Sunday Night Journal — July 3, 2011
(I was going to write about something else today, but this is
something I’ve been thinking about, and it’s appropriate
for Independence Day, so I think I’ll go ahead and get it out
of the way.)
The term “culture war” in this country generally
refers to the conflict over matters involving sex, marriage, and the
family. In the 1970s organized reaction to the social earthquake of
the 1960s began to take shape, and one of the most visible of these
reactions was Jerry Falwell’s Moral Majority, the organization
that for a while more or less defined the term “Christian
Right” or “Religious Right.” It, and Rev. Falwell
himself, quickly became among the most hated entities in the country
in the eyes of sophisticated people. Falwell was widely viewed as a
hick, a bigot, and a fanatic. (When he died a few years ago, I was
both shocked and amused by the number of people who appeared to have
no particular religious belief but nevertheless were certain that
Falwell was in hell.)
I came to feel a bit sorry for Falwell, because I think he
fundamentally misconstrued the situation. He thought that a small
number of radicals—hippies, feminists, etc.—had seized control
of some of our most visible institutions (the press, especially), and
were forcing the agenda of the sexual revolution on a mostly
unwilling, mostly conservative Christian population. And that the
task before him was to awaken those people to the fact that their
society was under attack, and get them to use their political
strength to reverse the sexual revolution, at least to the extent
that it was becoming institutionalized, most obviously with the
legalization of abortion.
But he was wrong. The sexual revolution may have flowered in the
‘60s, and hippies and feminists may have been its most visible
advocates (along with Hugh Hefner), but its roots were much deeper.
And in any case much of the mainstream soon embraced it quite
readily. By the time Falwell attempted to rally socially conservative
Christians, they were not the majority (if they ever had been).

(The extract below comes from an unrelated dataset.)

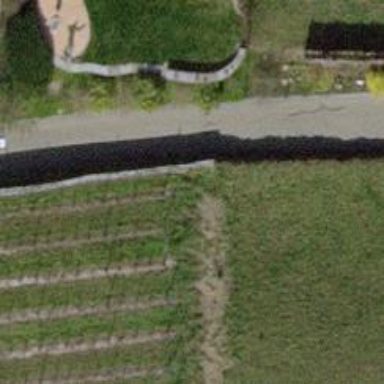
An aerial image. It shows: Retaining wall.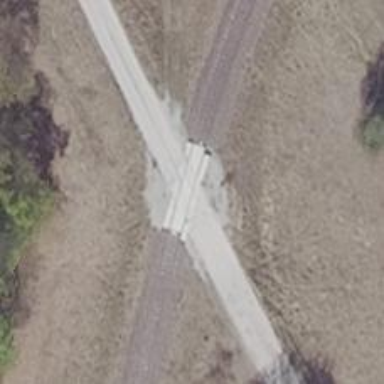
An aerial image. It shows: Railway level crossing.

And
although the Christian right became a serious political force, it has
at best only slowed the social revolution it was meant to reverse.

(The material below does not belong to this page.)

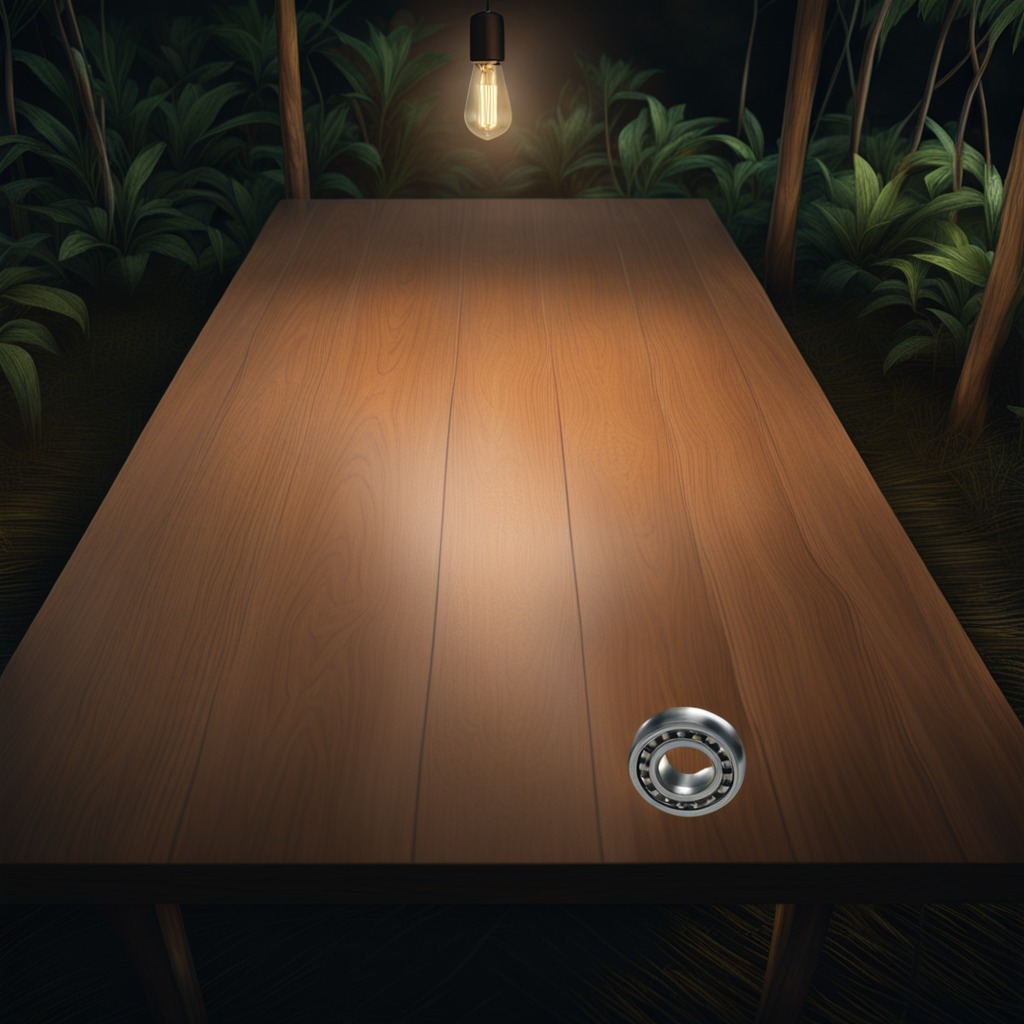
A metal ball bearing is lying on the wooden table.

I think something similar is going on now with economic ideas. The
Tea Party and various free-market politicians are in a position
similar to that of the Christian Right. They believe that most
Americans still believe in the old concept of individual freedom
combined with responsibility, and that they interpret the American
ideal of liberty to mean, second only to self-government, economic
liberty; that they want the freedom to succeed economically according
to their natural talent and willingness to work hard. That they
recognize that things are not always going to work out well for
everyone in this system, and that such is the price of freedom. And
that they are willing to admit a role for a government safety net for
those who aren’t able to survive on their own in this system,
but envision the safety net as being of limited scope, and certainly
not something that encompasses everyone all the time.

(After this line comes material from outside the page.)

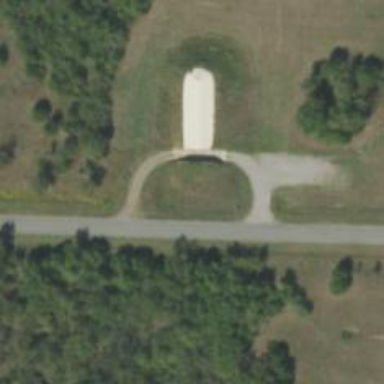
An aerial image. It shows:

I think there are strong reasons to doubt that most people feel
this way anymore. Part of the intensity of the social culture war
arises from the fact that neither side can quite believe that the
other really wants what it says it wants. In the sexual realm, for
instance, the religious conservative can’t believe that anyone
can truly fail to see that there’s something unhealthy in
homosexuality; the secular liberal can’t believe that anyone
can think there is. Likewise, in the economic realm, the Tea Partier
can’t believe that anyone of sound mind can fail to see the
essential rightness of the traditional American ideals of
independence, and the liberal (for want of a better word) can’t
believe that anyone of sound mind can fail to see the essential
rightness of the welfare state. Each believes that he has only to
sound the alarm, and the majority of Americans will rally to his
cause.
I have a feeling that the Tea Party and others of similar mind are
mistaken about the antagonism among the general population to the
welfare state. I don’t have time now to pursue my various
conjectures about why this is true, but I suspect that support for
measures that would actually shrink the scope of what the federal
government provides is actually pretty small. If you put the question
abstractly, yes, they’ll say they want to cut this or that, but
at the same time they reject cuts to anything that might benefit them
personally. And there’s the rub: almost all of us are now
caught up in the web of “benefits,” money handed to us by
the government directly or indirectly—and are faced with
financial pressures that make dependence, either on the government or
on a large-scale employer, the normal case.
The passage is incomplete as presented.